SWC-Net and Multi-Phase Heterogeneous FDTD Model for Void Detection Underneath Airport Pavement Slab

Void underneath a slab is a common damage type in airport cement concrete pavement. Existing methods mainly use ground penetrating radar (GPR) images and deep learning to detect the voids but face two problems: inherent limitation of image-wise deep learning and imperfect GPR datasets. This study has proposed a signal-wise cascade deep network (SWC-net) to detect voids underneath slabs, which was trained by a dataset with real-world and simulation GPR signals. In the study, a multi-phase heterogeneous pavement model was first built, in which each pavement layer was reconstructed based on the real-world morphologies and distributions of aggregates and other materials. The model was then used for the finite-difference time-domain (FDTD) simulation of GPR signal propagation. The simulation signals were merged with real-world GPR signals to generate a void signal dataset covering comprehensive pavement conditions.
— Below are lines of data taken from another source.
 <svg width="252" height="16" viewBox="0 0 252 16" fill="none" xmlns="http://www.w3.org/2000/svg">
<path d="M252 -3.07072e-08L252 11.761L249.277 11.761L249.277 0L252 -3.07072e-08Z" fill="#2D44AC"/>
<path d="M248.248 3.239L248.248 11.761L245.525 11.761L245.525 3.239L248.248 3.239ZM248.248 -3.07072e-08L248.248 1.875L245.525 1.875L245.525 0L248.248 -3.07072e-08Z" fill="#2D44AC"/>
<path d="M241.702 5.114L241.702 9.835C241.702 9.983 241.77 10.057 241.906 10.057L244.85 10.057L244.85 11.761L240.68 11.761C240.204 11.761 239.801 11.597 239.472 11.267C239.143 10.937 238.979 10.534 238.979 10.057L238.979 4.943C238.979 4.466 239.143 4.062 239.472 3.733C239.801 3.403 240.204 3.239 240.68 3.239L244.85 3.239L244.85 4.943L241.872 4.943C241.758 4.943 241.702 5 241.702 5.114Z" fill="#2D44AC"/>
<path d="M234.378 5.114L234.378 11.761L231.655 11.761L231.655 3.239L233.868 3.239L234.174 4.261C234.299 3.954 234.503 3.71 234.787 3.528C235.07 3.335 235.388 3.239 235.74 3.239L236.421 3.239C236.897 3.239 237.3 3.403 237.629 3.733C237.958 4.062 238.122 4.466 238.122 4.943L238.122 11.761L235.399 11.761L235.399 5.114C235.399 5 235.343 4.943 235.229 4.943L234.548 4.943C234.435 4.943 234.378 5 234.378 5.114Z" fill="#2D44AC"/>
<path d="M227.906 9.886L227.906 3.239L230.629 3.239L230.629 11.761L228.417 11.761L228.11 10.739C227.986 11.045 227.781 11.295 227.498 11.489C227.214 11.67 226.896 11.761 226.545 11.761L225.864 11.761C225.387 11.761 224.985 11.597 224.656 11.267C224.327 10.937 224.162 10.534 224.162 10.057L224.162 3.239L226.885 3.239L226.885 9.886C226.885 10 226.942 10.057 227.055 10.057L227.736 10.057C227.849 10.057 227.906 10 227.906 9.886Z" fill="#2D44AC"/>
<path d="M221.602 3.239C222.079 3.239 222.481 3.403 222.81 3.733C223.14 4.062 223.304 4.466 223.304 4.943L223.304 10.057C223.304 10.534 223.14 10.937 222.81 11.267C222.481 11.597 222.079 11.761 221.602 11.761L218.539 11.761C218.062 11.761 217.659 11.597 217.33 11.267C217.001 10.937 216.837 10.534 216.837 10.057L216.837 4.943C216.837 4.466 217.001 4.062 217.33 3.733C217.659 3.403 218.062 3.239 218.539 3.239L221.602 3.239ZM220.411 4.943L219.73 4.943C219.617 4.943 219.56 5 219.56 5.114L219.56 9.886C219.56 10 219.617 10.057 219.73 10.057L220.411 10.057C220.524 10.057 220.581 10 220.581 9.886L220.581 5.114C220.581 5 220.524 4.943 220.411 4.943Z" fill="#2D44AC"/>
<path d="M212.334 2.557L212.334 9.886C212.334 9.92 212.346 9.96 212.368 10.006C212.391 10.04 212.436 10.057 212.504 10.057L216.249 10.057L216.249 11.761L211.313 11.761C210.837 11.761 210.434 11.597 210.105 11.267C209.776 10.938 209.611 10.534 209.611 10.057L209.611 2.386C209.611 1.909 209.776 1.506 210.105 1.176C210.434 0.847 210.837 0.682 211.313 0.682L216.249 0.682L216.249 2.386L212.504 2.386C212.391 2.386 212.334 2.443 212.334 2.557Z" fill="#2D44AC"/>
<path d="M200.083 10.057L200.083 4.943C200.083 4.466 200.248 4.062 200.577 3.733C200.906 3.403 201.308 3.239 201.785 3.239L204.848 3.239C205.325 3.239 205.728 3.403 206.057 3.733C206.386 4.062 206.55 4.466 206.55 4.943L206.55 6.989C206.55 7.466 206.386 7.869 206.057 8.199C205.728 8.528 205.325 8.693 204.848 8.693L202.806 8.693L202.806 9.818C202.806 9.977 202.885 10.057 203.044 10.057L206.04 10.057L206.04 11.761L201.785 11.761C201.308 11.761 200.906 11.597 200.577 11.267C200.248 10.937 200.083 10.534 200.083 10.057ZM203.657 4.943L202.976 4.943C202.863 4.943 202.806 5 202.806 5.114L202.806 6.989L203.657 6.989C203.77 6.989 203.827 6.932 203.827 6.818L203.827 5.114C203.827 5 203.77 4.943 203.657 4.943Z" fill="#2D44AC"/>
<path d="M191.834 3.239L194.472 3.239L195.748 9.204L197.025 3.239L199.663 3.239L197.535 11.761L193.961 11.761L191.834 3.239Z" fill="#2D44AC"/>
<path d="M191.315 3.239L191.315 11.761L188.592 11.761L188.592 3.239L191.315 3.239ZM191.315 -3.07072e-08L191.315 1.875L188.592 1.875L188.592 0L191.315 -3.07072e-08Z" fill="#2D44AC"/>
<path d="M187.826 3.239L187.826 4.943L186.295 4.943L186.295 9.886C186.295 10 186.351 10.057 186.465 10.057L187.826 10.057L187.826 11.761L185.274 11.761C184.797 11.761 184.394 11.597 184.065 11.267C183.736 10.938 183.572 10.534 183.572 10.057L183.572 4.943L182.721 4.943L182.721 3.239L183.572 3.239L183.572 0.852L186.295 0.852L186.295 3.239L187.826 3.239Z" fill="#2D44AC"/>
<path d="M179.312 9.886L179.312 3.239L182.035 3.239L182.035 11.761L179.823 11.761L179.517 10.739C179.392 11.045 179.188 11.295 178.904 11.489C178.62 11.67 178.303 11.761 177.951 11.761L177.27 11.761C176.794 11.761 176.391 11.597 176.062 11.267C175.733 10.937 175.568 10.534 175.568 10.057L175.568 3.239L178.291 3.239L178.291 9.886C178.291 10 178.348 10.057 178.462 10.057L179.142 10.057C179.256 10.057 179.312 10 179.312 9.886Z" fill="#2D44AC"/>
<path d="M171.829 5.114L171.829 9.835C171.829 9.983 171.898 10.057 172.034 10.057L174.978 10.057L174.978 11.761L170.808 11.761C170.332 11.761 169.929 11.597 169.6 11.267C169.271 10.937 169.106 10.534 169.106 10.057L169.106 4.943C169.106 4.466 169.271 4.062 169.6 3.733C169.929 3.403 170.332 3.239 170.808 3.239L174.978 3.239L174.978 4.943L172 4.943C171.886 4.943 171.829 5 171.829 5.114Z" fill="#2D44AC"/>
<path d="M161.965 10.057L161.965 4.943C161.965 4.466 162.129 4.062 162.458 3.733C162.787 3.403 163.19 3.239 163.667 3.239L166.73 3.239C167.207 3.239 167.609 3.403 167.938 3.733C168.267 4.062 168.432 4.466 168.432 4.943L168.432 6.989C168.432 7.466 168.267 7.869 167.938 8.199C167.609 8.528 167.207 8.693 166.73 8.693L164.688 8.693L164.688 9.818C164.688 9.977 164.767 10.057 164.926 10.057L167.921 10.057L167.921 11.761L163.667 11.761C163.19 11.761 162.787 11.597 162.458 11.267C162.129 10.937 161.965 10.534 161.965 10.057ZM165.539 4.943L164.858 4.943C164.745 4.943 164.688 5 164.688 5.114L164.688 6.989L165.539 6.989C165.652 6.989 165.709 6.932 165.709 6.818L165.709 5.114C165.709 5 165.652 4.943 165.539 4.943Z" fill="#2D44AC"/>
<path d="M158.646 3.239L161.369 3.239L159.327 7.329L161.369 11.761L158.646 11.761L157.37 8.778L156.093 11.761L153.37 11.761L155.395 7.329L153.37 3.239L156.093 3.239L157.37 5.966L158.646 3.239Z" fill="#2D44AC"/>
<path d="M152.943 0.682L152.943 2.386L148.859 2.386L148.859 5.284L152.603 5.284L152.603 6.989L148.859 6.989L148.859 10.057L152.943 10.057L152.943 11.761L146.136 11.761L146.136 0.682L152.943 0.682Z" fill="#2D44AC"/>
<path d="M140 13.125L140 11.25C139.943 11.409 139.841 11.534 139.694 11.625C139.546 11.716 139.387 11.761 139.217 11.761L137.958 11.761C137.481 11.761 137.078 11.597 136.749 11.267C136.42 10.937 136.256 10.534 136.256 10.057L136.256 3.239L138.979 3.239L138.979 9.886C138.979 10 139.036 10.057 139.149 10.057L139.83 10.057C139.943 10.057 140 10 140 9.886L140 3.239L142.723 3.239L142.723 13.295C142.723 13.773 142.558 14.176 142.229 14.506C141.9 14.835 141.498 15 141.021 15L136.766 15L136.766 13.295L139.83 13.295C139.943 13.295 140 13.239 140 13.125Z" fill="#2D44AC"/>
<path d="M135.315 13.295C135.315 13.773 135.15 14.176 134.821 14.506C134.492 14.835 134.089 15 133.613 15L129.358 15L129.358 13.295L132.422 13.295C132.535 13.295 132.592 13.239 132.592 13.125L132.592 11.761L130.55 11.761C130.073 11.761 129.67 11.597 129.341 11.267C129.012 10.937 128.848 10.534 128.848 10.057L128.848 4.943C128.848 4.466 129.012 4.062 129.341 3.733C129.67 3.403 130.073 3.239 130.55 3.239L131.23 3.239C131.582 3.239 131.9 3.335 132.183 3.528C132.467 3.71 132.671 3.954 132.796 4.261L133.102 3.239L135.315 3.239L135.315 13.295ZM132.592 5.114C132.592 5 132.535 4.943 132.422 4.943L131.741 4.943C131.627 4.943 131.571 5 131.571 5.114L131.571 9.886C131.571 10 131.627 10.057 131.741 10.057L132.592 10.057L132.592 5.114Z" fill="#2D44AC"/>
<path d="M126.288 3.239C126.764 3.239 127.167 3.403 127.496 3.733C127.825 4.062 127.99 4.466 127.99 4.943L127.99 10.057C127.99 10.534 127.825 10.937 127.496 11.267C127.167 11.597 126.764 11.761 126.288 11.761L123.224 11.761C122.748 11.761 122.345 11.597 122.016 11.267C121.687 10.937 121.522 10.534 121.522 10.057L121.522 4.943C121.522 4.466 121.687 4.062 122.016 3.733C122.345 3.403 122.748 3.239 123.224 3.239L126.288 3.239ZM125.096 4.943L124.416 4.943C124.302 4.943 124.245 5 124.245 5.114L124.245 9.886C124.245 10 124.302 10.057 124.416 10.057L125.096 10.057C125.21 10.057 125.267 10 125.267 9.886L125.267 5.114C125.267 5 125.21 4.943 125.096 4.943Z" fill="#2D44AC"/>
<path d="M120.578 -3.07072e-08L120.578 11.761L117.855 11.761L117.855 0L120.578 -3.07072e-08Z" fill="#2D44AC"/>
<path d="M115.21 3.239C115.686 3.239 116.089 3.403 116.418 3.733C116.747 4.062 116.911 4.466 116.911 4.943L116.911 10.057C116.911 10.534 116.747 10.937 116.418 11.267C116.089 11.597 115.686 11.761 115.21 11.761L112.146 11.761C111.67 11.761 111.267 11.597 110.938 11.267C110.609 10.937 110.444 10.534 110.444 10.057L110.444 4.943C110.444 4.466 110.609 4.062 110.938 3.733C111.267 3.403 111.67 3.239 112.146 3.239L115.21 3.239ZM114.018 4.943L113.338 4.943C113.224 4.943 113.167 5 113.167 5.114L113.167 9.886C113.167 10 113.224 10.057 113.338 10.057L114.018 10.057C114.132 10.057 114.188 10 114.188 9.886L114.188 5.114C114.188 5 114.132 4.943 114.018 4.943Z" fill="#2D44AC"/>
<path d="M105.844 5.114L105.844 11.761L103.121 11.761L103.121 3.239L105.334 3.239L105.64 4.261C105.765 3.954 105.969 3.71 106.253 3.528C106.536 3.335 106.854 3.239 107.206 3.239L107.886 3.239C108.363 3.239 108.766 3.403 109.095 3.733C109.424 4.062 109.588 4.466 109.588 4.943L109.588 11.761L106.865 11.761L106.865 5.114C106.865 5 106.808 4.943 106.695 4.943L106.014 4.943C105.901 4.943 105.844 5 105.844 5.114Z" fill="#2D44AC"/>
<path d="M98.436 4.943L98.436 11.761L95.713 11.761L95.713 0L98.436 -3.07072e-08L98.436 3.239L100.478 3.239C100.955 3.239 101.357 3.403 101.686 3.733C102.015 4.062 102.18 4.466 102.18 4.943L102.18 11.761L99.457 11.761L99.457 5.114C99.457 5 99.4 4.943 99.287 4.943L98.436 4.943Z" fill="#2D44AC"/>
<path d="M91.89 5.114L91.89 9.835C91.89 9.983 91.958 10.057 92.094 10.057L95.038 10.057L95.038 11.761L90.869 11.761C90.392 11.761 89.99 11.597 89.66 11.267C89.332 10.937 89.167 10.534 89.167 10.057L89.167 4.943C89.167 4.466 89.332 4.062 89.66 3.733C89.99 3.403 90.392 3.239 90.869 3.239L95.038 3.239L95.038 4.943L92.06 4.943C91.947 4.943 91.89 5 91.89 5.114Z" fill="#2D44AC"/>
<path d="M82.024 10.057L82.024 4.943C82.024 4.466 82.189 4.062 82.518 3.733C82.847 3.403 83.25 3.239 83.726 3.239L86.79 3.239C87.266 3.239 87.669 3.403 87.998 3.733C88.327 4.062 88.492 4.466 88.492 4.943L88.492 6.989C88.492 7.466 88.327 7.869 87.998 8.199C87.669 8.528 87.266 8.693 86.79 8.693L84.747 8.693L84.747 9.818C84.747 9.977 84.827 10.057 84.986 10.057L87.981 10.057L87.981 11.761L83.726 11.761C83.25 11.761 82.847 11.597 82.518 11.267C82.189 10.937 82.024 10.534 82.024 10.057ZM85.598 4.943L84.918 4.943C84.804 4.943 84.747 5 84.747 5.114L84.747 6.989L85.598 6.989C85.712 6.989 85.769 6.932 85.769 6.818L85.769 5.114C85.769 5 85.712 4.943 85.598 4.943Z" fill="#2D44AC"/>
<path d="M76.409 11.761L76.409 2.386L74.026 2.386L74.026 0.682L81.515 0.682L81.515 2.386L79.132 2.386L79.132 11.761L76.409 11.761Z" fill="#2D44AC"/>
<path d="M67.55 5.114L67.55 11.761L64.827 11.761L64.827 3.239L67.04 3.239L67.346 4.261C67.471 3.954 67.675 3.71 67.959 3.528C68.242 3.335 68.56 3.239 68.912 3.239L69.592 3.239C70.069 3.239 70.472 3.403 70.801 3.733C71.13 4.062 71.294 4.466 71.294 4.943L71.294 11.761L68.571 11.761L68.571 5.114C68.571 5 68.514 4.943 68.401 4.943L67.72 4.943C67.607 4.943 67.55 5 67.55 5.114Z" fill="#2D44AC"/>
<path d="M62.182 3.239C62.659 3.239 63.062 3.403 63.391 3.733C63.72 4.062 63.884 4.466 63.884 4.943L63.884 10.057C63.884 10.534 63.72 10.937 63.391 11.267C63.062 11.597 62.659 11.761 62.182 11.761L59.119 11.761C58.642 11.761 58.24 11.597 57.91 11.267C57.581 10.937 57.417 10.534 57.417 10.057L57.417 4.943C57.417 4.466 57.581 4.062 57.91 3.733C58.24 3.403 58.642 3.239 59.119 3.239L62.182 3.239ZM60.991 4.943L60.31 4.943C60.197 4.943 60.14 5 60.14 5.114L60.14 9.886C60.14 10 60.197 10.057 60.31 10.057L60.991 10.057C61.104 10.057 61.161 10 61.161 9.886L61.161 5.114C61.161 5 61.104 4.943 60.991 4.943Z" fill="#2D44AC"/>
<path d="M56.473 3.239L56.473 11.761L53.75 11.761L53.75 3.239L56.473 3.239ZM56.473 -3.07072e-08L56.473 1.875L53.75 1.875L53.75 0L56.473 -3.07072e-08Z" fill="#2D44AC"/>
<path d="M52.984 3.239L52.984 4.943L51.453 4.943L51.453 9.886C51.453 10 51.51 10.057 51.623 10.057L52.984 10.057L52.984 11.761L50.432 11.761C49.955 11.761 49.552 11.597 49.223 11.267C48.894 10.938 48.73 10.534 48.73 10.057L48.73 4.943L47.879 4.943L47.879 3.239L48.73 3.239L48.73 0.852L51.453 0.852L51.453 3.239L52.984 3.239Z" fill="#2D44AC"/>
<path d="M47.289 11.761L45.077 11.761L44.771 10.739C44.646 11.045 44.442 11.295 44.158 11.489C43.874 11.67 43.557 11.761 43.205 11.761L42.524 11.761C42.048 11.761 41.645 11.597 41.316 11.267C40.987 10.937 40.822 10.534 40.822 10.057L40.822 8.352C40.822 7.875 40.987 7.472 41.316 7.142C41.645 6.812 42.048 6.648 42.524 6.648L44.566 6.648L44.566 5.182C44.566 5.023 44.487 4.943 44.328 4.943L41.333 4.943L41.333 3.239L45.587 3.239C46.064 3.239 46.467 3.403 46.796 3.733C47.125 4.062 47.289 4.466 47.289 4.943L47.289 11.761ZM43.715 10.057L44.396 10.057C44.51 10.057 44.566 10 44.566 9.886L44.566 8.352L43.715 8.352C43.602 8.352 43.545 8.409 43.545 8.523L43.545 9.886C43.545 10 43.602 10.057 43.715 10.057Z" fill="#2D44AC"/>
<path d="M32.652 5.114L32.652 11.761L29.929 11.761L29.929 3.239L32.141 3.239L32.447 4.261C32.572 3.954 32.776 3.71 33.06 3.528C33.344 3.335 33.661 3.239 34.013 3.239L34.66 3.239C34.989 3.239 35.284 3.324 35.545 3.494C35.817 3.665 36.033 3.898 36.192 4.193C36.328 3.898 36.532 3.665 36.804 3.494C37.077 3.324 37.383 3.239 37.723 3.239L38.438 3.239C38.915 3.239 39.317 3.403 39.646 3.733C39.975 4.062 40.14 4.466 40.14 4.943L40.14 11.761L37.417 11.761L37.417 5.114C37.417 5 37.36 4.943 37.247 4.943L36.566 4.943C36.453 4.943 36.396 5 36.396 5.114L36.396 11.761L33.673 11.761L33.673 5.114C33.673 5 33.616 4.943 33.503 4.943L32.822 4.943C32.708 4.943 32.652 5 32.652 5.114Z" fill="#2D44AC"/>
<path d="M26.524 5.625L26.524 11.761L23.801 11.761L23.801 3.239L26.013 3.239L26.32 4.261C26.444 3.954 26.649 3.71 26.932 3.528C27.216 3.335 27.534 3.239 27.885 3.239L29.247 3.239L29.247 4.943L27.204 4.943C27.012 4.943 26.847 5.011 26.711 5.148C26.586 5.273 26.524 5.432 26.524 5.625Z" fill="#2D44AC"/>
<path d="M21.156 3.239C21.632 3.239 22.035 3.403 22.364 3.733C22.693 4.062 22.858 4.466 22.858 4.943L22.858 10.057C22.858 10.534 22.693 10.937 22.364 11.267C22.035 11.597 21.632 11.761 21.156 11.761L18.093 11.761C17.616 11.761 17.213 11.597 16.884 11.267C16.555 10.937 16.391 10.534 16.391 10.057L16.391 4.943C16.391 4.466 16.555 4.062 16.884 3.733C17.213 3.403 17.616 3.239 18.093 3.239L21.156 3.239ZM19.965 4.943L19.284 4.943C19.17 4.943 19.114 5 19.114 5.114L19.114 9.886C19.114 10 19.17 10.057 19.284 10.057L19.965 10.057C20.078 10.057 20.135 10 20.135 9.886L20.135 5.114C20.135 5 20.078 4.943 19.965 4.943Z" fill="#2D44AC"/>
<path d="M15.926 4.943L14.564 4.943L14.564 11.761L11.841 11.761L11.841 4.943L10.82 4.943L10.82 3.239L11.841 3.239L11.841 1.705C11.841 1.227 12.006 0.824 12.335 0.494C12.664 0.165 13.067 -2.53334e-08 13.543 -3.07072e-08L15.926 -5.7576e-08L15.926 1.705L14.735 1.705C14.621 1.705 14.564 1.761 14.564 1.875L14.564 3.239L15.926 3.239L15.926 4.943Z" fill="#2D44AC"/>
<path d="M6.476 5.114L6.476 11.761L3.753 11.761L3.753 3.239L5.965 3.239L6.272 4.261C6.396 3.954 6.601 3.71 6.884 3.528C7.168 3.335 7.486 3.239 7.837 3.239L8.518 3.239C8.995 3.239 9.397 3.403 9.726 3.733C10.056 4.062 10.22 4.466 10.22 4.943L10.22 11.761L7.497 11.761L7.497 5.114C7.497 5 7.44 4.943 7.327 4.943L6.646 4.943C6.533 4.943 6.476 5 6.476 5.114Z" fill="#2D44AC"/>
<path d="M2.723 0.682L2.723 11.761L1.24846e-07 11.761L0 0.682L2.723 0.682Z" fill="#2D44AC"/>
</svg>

Finally, the proposed SWC-net was trained by the merged dataset to detect voids. The inputs of the network were the GPR signals, while the outputs were the signal classes and abnormal intervals of voids to perform signal-wise void detection. The experiments on Nanjing Dajiaochang and Xuzhou Guanyin airports showed that the FDTD results generalized the signal dataset by simulating different real-world conditions, while the proposed network outperformed the image-wise deep networks on void detection.